The measure was pitched by Sen. Stuart Reid, R-Ogden as a remedy to last year's massive health data breach. Hackers, exploiting a factory password, broke into a Utah Medicaid server and stole the personal information of about 780,000 Utahns, including nearly a quarter-of-a-million Social Security numbers.

Because of providers' practice of "pinging" the server to test patients' eligibility for Medicaid, the information of countless retirees on Medicare and people with private health insurance was exposed.

Reid's bill would not put a halt to the billing practice. Instead, it would put patients on guard by notifying them that a given provider has, or may, share their "personally identifiable" information with Medicaid.

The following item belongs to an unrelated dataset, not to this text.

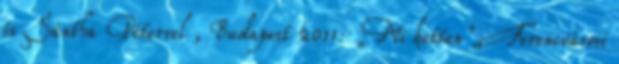
és Sántha Péterrel , Budapest 2011: „Mi ketten”, Ferencvárosi

"Is it right that hospitals ping the system as a matter-of-course, even when patients have private insurance? I'm not sure that it is," said Reid, whose wife's information compromised. "But in some ways they're trapped. A lot of patients don't know what their insurance covers or whether they qualify for Medicaid."

The bill directs the Utah Department of Health to draft model disclosure language and to verify that providers' privacy notices comply.

It also subjects the Utah Department of Technology Services to routine audits to ensure its servers are up to national security standards.

The bill passed the interim Health and Human Services Committee unanimously, despite concerns that it was either overkill or didn't go far enough.

How much it will cost large health systems to change their privacy notices isn't clear. But Reid's bill has the backing of the Utah Hospital Association.